> What the exercise asks:
Word for word, print each record, dropping any image it holds.

== Data extract ==

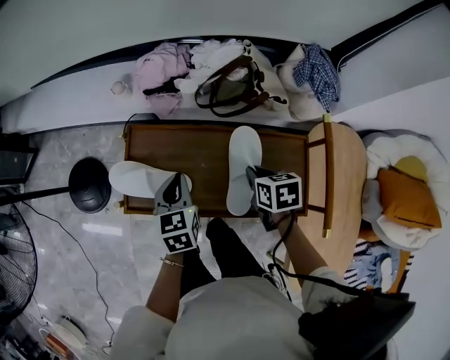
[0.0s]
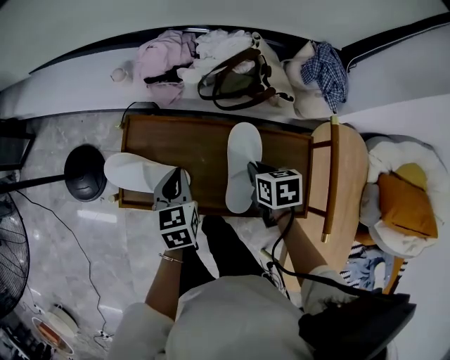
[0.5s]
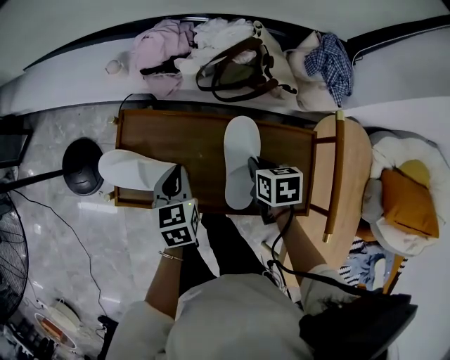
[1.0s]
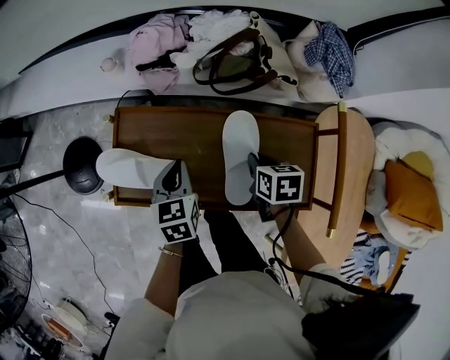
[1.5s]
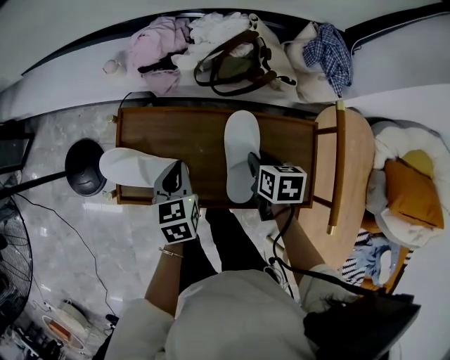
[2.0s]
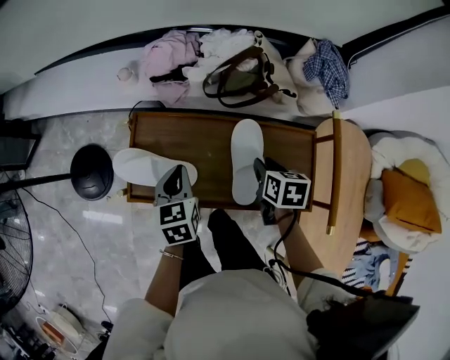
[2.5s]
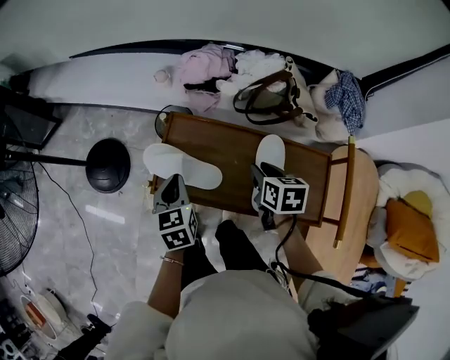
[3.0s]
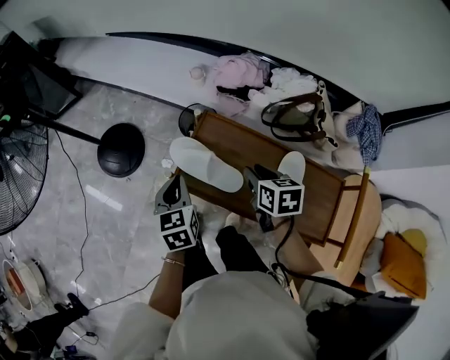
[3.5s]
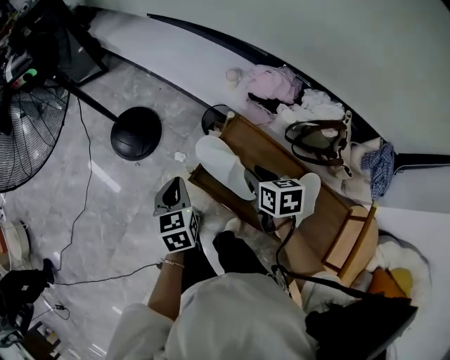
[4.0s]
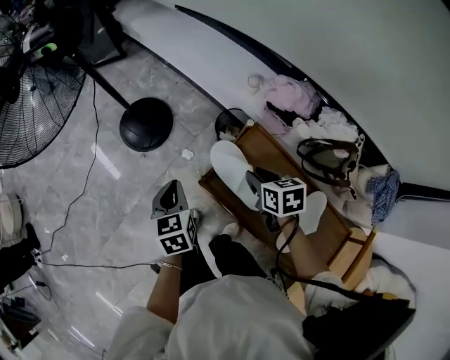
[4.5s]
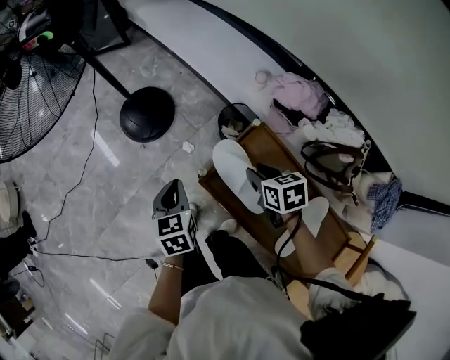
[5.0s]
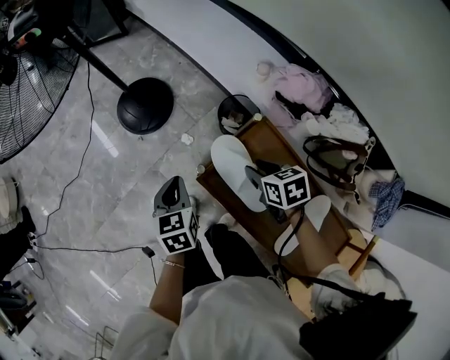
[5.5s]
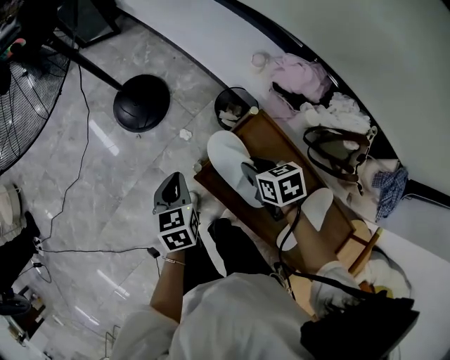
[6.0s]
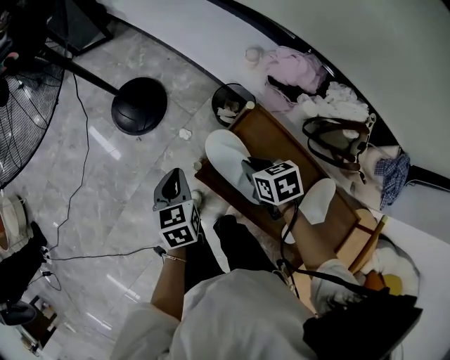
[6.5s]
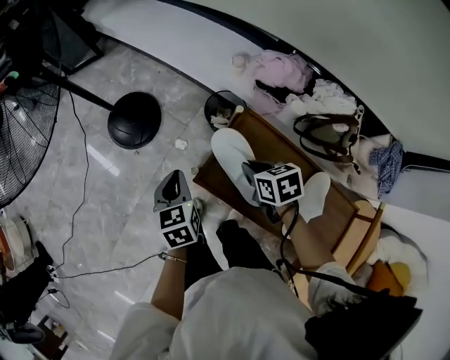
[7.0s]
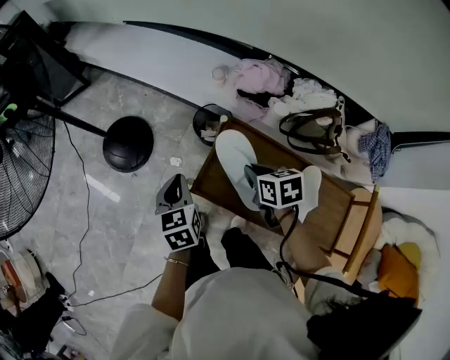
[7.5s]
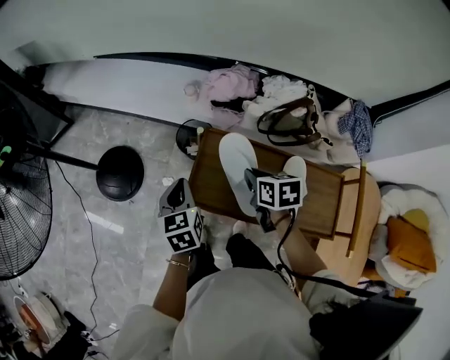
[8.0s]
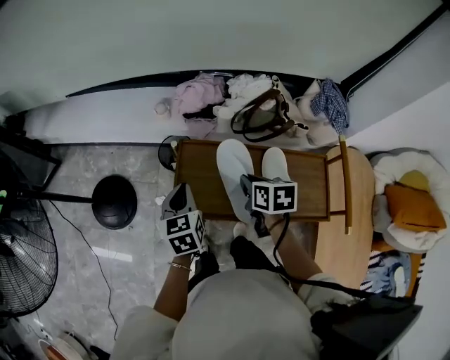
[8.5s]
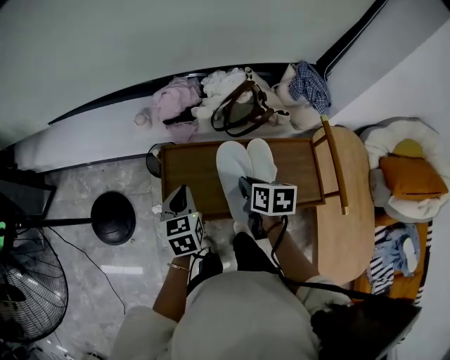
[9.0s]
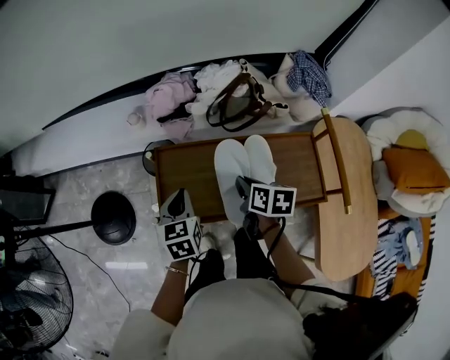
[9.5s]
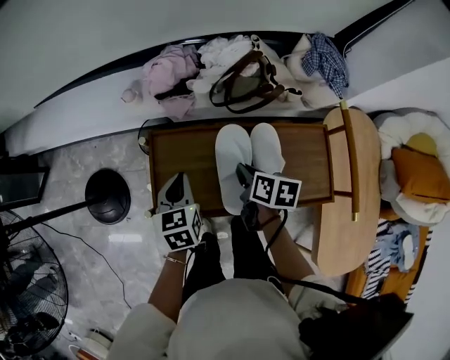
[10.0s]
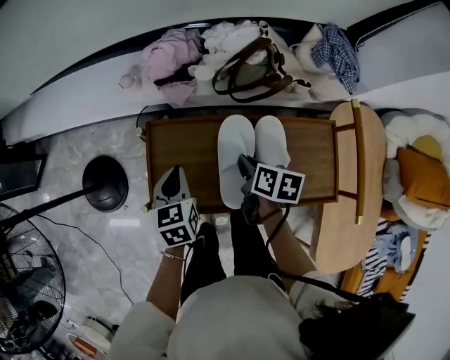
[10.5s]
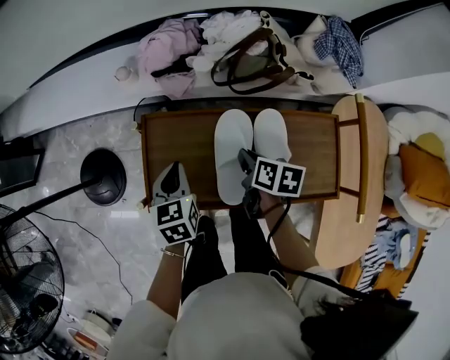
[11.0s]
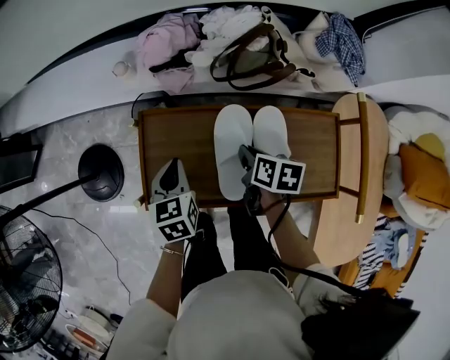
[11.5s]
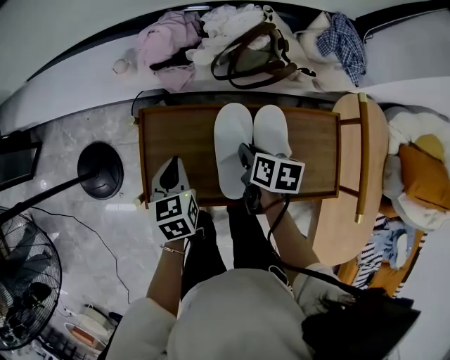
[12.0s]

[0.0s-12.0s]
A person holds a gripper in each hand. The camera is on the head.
0.0s to 2.0s: The right gripper opens up.
2.0s to 4.0s: The right gripper shifts by some 30 cm, and changes its angle by some 40 degrees. The left gripper moves some 25 cm, and swivels about 40 degrees.
4.0s to 6.0s: The left gripper moves downward, about 5 cm, while the right gripper moves downward and forward, some 10 cm, and rotates about 30 degrees.
6.0s to 8.0s: The left gripper shifts by about 10 cm, and turns by about 30 degrees. Meanwhile the right gripper changes place by some 15 cm, and rotates roughly 40 degrees.
8.0s to 10.0s: The right gripper moves to the right and downward, approximately 10 cm, and rotates about 40 degrees, while the left gripper heads to the right, covering some 15 cm, and changes its angle by roughly 20 degrees.
10.0s to 12.0s: The grippers make only small movements.

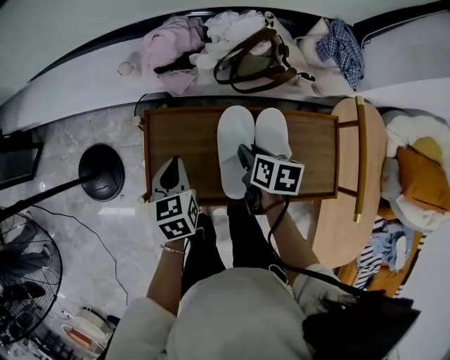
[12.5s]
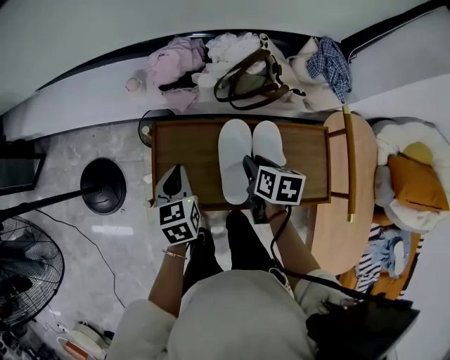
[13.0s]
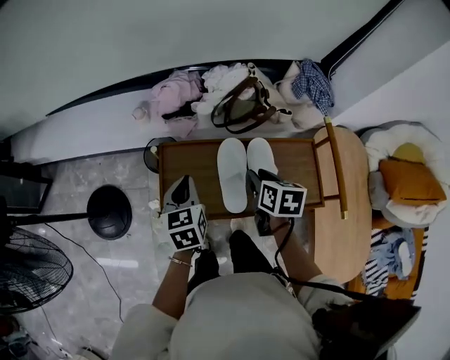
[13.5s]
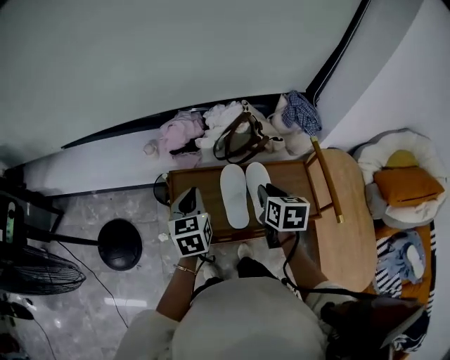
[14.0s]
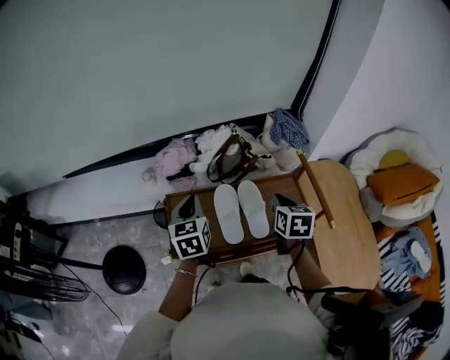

===

> Output:
[0.0s]
[0.5s]
[1.0s]
[1.5s]
[2.0s]
[2.5s]
[3.0s]
[3.5s]
[4.0s]
[4.5s]
[5.0s]
[5.5s]
[6.0s]
[6.5s]
[7.0s]
[7.5s]
[8.0s]
[8.5s]
[9.0s]
[9.5s]
[10.0s]
[10.5s]
[11.0s]
[11.5s]
[12.0s]

[0.0s-12.0s]
A person holds a gripper in each hand. The camera is on the head.
0.0s to 2.0s: The right gripper opens up.
2.0s to 4.0s: The right gripper shifts by some 30 cm, and changes its angle by some 40 degrees. The left gripper moves some 25 cm, and swivels about 40 degrees.
4.0s to 6.0s: The left gripper moves downward, about 5 cm, while the right gripper moves downward and forward, some 10 cm, and rotates about 30 degrees.
6.0s to 8.0s: The left gripper shifts by about 10 cm, and turns by about 30 degrees. Meanwhile the right gripper changes place by some 15 cm, and rotates roughly 40 degrees.
8.0s to 10.0s: The right gripper moves to the right and downward, approximately 10 cm, and rotates about 40 degrees, while the left gripper heads to the right, covering some 15 cm, and changes its angle by roughly 20 degrees.
10.0s to 12.0s: The grippers make only small movements.

[12.5s]
[13.0s]
[13.5s]
[14.0s]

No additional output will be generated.